Мы приняли решение нанять круглосуточную сиделку.  Дорого, но не смертельно для нашего бюджета. Нам повезло – Полина оказалась порядочной, доброй женщиной. Винничанка, она находилась в стране на птичьих правах, то есть нелегально. Приехала в гости к дочери, выигравшей грин-карту, и осталась… Адвокат занимается ее делом, пробует легализовать, на это требуются годы. Полина остро нуждалась в деньгах и согласилась обслуживать деда днем и ночью. Ходить в магазины, готовить еду, кормить, стирать, следить за приемом лекарств. Мы с отцом платили ей в месяц две с половиной тысячи баксов наличными.

Я навещал деда в выходные. Разговаривать с ним становилось трудно. Он окидывал ничего не выражающим, затуманенным взором, иногда отвечал на вопросы, чаще молчал; внезапно внутри будто срабатывала пружина заводной игрушки, он оживлялся, начинал болтать без умолку, в речи проскальзывали здравые мысли.

Я купил деду электробритву – бриться по-старому, намазывать испаханное морщинами лицо кремом и аккуратно водить станочком mach3 по щекам и подбородку он не мог. Видеть его, глубокого старика, заросшего седой щетиной, было нестерпимо больно. С электробритвой он покуда справлялся, и Полина помогала.

…В эту субботу дед выглядел помолодевшим – электробритва делала свое дело. На нем была свежая ковбойка, неизменные пижамные штаны сменились цивильными серыми брюками с намеком на стрелки. Полина сказала, что деду выписали новое лекарство; ведет себя последние пару суток приемлемо, ночами спит. Дед прислушивался и чему-то улыбался.

– Дед, ну ты как? Кажется, тебе получше. Выглядишь неплохо.

–  Ни хорошо, ни плохо, – эхом повторил.

– Футбол смотришь по телеку? Английский чемпионат?

– И дождик кончился давно, и вышли в поле футболисты…

– Отлично! Молодец!

Я поинтересовался, звонила ли Таня (бывшая жена не оставляет без внимания – Полина говорила). Дед не ответил, пожевал губами, проверил пальцем, на месте ли зубной протез. Пауза длилась с полминуты.

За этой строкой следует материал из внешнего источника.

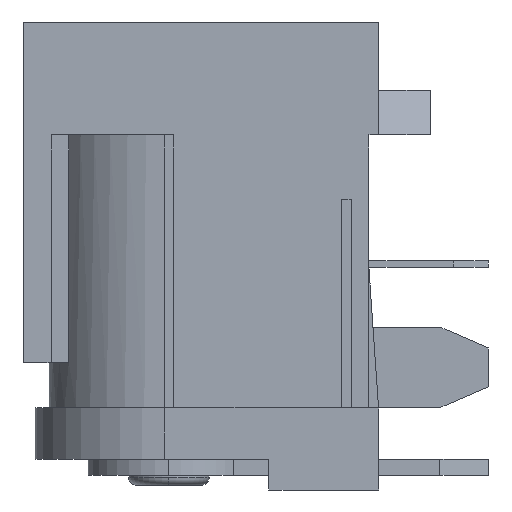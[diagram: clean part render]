
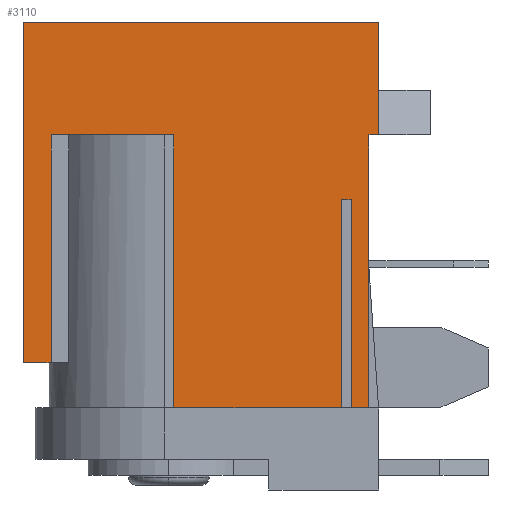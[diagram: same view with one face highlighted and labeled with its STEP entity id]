
A CAD part, left-side view. The second image highlights one B-rep face of the part: STEP entity #3110.
In plain terms, the highlighted planar face has unit normal (-1, 0, 0).
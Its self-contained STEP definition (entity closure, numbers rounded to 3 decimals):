
#173 = VECTOR ( 'NONE', #3699, 1000. ) ;
#224 = DIRECTION ( 'NONE',  ( 0., 0., 1. ) ) ;
#273 = EDGE_CURVE ( 'NONE', #2340, #5108, #4411, .T. ) ;
#326 = VECTOR ( 'NONE', #5230, 1000. ) ;
#354 = DIRECTION ( 'NONE',  ( 0., 0., -1. ) ) ;
#364 = ORIENTED_EDGE ( 'NONE', *, *, #2552, .F. ) ;
#407 = VECTOR ( 'NONE', #1002, 1000. ) ;
#411 = VERTEX_POINT ( 'NONE', #2883 ) ;
#493 = EDGE_CURVE ( 'NONE', #2376, #515, #3060, .T. ) ;
#515 = VERTEX_POINT ( 'NONE', #5746 ) ;
#720 = CARTESIAN_POINT ( 'NONE',  ( -4.5, 0.85, -11.95 ) ) ;
#730 = EDGE_CURVE ( 'NONE', #4919, #4125, #3814, .T. ) ;
#751 = CARTESIAN_POINT ( 'NONE',  ( -4.5, 11., 0. ) ) ;
#774 = VECTOR ( 'NONE', #843, 1000. ) ;
#843 = DIRECTION ( 'NONE',  ( 0., -1., 0. ) ) ;
#851 = VECTOR ( 'NONE', #1601, 1000. ) ;
#871 = VERTEX_POINT ( 'NONE', #4450 ) ;
#1002 = DIRECTION ( 'NONE',  ( 0., -1., 0. ) ) ;
#1021 = LINE ( 'NONE', #2004, #1580 ) ;
#1025 = PLANE ( 'NONE',  #2504 ) ;
#1027 = CARTESIAN_POINT ( 'NONE',  ( -4.5, 11., -10.55 ) ) ;
#1123 = CARTESIAN_POINT ( 'NONE',  ( -4.5, 0.85, -11.95 ) ) ;
#1165 = CARTESIAN_POINT ( 'NONE',  ( -4.5, 0.85, -5.5 ) ) ;
#1180 = LINE ( 'NONE', #5424, #407 ) ;
#1232 = LINE ( 'NONE', #2155, #326 ) ;
#1264 = CARTESIAN_POINT ( 'NONE',  ( -4.5, 6.35, 9.005 ) ) ;
#1346 = LINE ( 'NONE', #5032, #173 ) ;
#1385 = ORIENTED_EDGE ( 'NONE', *, *, #730, .F. ) ;
#1404 = ORIENTED_EDGE ( 'NONE', *, *, #5134, .F. ) ;
#1482 = DIRECTION ( 'NONE',  ( -1., 0., 0. ) ) ;
#1492 = EDGE_CURVE ( 'NONE', #5108, #4863, #5142, .T. ) ;
#1518 = ORIENTED_EDGE ( 'NONE', *, *, #493, .T. ) ;
#1580 = VECTOR ( 'NONE', #2497, 1000. ) ;
#1601 = DIRECTION ( 'NONE',  ( 0., -1., 0. ) ) ;
#1737 = ORIENTED_EDGE ( 'NONE', *, *, #1492, .F. ) ;
#1819 = VECTOR ( 'NONE', #2638, 1000. ) ;
#1993 = LINE ( 'NONE', #2823, #4883 ) ;
#2004 = CARTESIAN_POINT ( 'NONE',  ( -4.5, 0., -3.5 ) ) ;
#2039 = LINE ( 'NONE', #4161, #851 ) ;
#2071 = EDGE_CURVE ( 'NONE', #4863, #515, #1232, .T. ) ;
#2151 = ORIENTED_EDGE ( 'NONE', *, *, #3199, .F. ) ;
#2155 = CARTESIAN_POINT ( 'NONE',  ( -4.5, 0., 0. ) ) ;
#2195 = ORIENTED_EDGE ( 'NONE', *, *, #3523, .T. ) ;
#2235 = CARTESIAN_POINT ( 'NONE',  ( -4.5, 11., -11.95 ) ) ;
#2340 = VERTEX_POINT ( 'NONE', #5384 ) ;
#2368 = DIRECTION ( 'NONE',  ( 0., 0., -1. ) ) ;
#2376 = VERTEX_POINT ( 'NONE', #4498 ) ;
#2425 = LINE ( 'NONE', #1264, #3798 ) ;
#2441 = EDGE_CURVE ( 'NONE', #411, #4564, #1180, .T. ) ;
#2471 = CARTESIAN_POINT ( 'NONE',  ( -4.5, 6.35, -3.5 ) ) ;
#2497 = DIRECTION ( 'NONE',  ( 0., -1., 0. ) ) ;
#2504 = AXIS2_PLACEMENT_3D ( 'NONE', #4526, #1482, #3245 ) ;
#2515 = ORIENTED_EDGE ( 'NONE', *, *, #4819, .T. ) ;
#2552 = EDGE_CURVE ( 'NONE', #871, #4564, #3791, .T. ) ;
#2574 = CARTESIAN_POINT ( 'NONE',  ( -4.5, 0.3, 9.005 ) ) ;
#2638 = DIRECTION ( 'NONE',  ( 0., 0., 1. ) ) ;
#2641 = VECTOR ( 'NONE', #2735, 1000. ) ;
#2677 = CARTESIAN_POINT ( 'NONE',  ( -4.5, 0.3, -3.5 ) ) ;
#2707 = ORIENTED_EDGE ( 'NONE', *, *, #5100, .F. ) ;
#2735 = DIRECTION ( 'NONE',  ( 0., 1., 0. ) ) ;
#2823 = CARTESIAN_POINT ( 'NONE',  ( -4.5, 10.15, 9.005 ) ) ;
#2824 = EDGE_CURVE ( 'NONE', #4919, #2376, #1021, .T. ) ;
#2878 = LINE ( 'NONE', #720, #3083 ) ;
#2883 = CARTESIAN_POINT ( 'NONE',  ( -4.5, 6.35, -11.95 ) ) ;
#2965 = VECTOR ( 'NONE', #2368, 1000. ) ;
#3060 = LINE ( 'NONE', #4027, #5207 ) ;
#3083 = VECTOR ( 'NONE', #224, 1000. ) ;
#3110 = ADVANCED_FACE ( 'NONE', ( #3979 ), #1025, .T. ) ;
#3199 = EDGE_CURVE ( 'NONE', #3255, #3322, #2878, .T. ) ;
#3245 = DIRECTION ( 'NONE',  ( 0., 0., 1. ) ) ;
#3246 = DIRECTION ( 'NONE',  ( 0., 0., -1. ) ) ;
#3255 = VERTEX_POINT ( 'NONE', #1123 ) ;
#3289 = VERTEX_POINT ( 'NONE', #2471 ) ;
#3322 = VERTEX_POINT ( 'NONE', #1165 ) ;
#3385 = VERTEX_POINT ( 'NONE', #5136 ) ;
#3523 = EDGE_CURVE ( 'NONE', #3255, #4125, #5264, .T. ) ;
#3610 = CARTESIAN_POINT ( 'NONE',  ( -4.5, 11., -10.55 ) ) ;
#3699 = DIRECTION ( 'NONE',  ( 0., 1., 0. ) ) ;
#3791 = LINE ( 'NONE', #5442, #2965 ) ;
#3798 = VECTOR ( 'NONE', #5355, 1000. ) ;
#3809 = CARTESIAN_POINT ( 'NONE',  ( -4.5, 1.15, -11.95 ) ) ;
#3814 = LINE ( 'NONE', #2574, #4637 ) ;
#3911 = CARTESIAN_POINT ( 'NONE',  ( -4.5, 0.3, -11.95 ) ) ;
#3949 = ORIENTED_EDGE ( 'NONE', *, *, #273, .F. ) ;
#3979 = FACE_OUTER_BOUND ( 'NONE', #5022, .T. ) ;
#4027 = CARTESIAN_POINT ( 'NONE',  ( -4.5, 0., -11.95 ) ) ;
#4125 = VERTEX_POINT ( 'NONE', #3911 ) ;
#4161 = CARTESIAN_POINT ( 'NONE',  ( -4.5, 10.15, -3.5 ) ) ;
#4236 = EDGE_CURVE ( 'NONE', #3289, #411, #2425, .T. ) ;
#4411 = LINE ( 'NONE', #3610, #2641 ) ;
#4450 = CARTESIAN_POINT ( 'NONE',  ( -4.5, 1.15, -5.5 ) ) ;
#4498 = CARTESIAN_POINT ( 'NONE',  ( -4.5, 0., -3.5 ) ) ;
#4526 = CARTESIAN_POINT ( 'NONE',  ( -4.5, 0., -11.95 ) ) ;
#4564 = VERTEX_POINT ( 'NONE', #3809 ) ;
#4637 = VECTOR ( 'NONE', #354, 1000. ) ;
#4675 = ORIENTED_EDGE ( 'NONE', *, *, #2441, .T. ) ;
#4819 = EDGE_CURVE ( 'NONE', #3385, #3289, #2039, .T. ) ;
#4863 = VERTEX_POINT ( 'NONE', #751 ) ;
#4883 = VECTOR ( 'NONE', #3246, 1000. ) ;
#4919 = VERTEX_POINT ( 'NONE', #2677 ) ;
#4923 = DIRECTION ( 'NONE',  ( 0., 0., 1. ) ) ;
#5022 = EDGE_LOOP ( 'NONE', ( #364, #1404, #2151, #2195, #1385, #5530, #1518, #5567, #1737, #3949, #2707, #2515, #5175, #4675 ) ) ;
#5032 = CARTESIAN_POINT ( 'NONE',  ( -4.5, 1.15, -5.5 ) ) ;
#5100 = EDGE_CURVE ( 'NONE', #3385, #2340, #1993, .T. ) ;
#5108 = VERTEX_POINT ( 'NONE', #1027 ) ;
#5134 = EDGE_CURVE ( 'NONE', #3322, #871, #1346, .T. ) ;
#5136 = CARTESIAN_POINT ( 'NONE',  ( -4.5, 10.15, -3.5 ) ) ;
#5142 = LINE ( 'NONE', #2235, #1819 ) ;
#5175 = ORIENTED_EDGE ( 'NONE', *, *, #4236, .T. ) ;
#5207 = VECTOR ( 'NONE', #4923, 1000. ) ;
#5230 = DIRECTION ( 'NONE',  ( 0., -1., 0. ) ) ;
#5264 = LINE ( 'NONE', #5712, #774 ) ;
#5355 = DIRECTION ( 'NONE',  ( 0., 0., -1. ) ) ;
#5384 = CARTESIAN_POINT ( 'NONE',  ( -4.5, 10.15, -10.55 ) ) ;
#5424 = CARTESIAN_POINT ( 'NONE',  ( -4.5, 0., -11.95 ) ) ;
#5442 = CARTESIAN_POINT ( 'NONE',  ( -4.5, 1.15, -11.95 ) ) ;
#5530 = ORIENTED_EDGE ( 'NONE', *, *, #2824, .T. ) ;
#5567 = ORIENTED_EDGE ( 'NONE', *, *, #2071, .F. ) ;
#5712 = CARTESIAN_POINT ( 'NONE',  ( -4.5, 0., -11.95 ) ) ;
#5746 = CARTESIAN_POINT ( 'NONE',  ( -4.5, 0., 0. ) ) ;

– Шел по территории Боткинской больницы и глотал слезы, – прорезалось у него. – Мне сообщили про твои озлокачествленные клетки. Жутко звучит – оз-ло-ка-чест-вле-ние, – выговорил по слогам. – Зло, качество зла, будто у зла может быть качество, зло и есть зло; Пурижанский спас, сделал уникальную операцию, отделил холодный узел от трахеи. Еще пара недель, и ты могла задохнуться во сне… Первое время немного хрипела, потом прошло, голос чистым стал. Я страшился думать о результате биопсии – чертовы клетки, переродятся или не станут расти… Легла счастливая карта…

Я понял: он говорит с бывшей женой, я персонифицировался для него в Таню, мою бабушку. Он смотрел на меня, не видя меня. Обращаясь к бывшей жене, милостиво принимал мое присутствие в комнате и не более. Я его не интересовал.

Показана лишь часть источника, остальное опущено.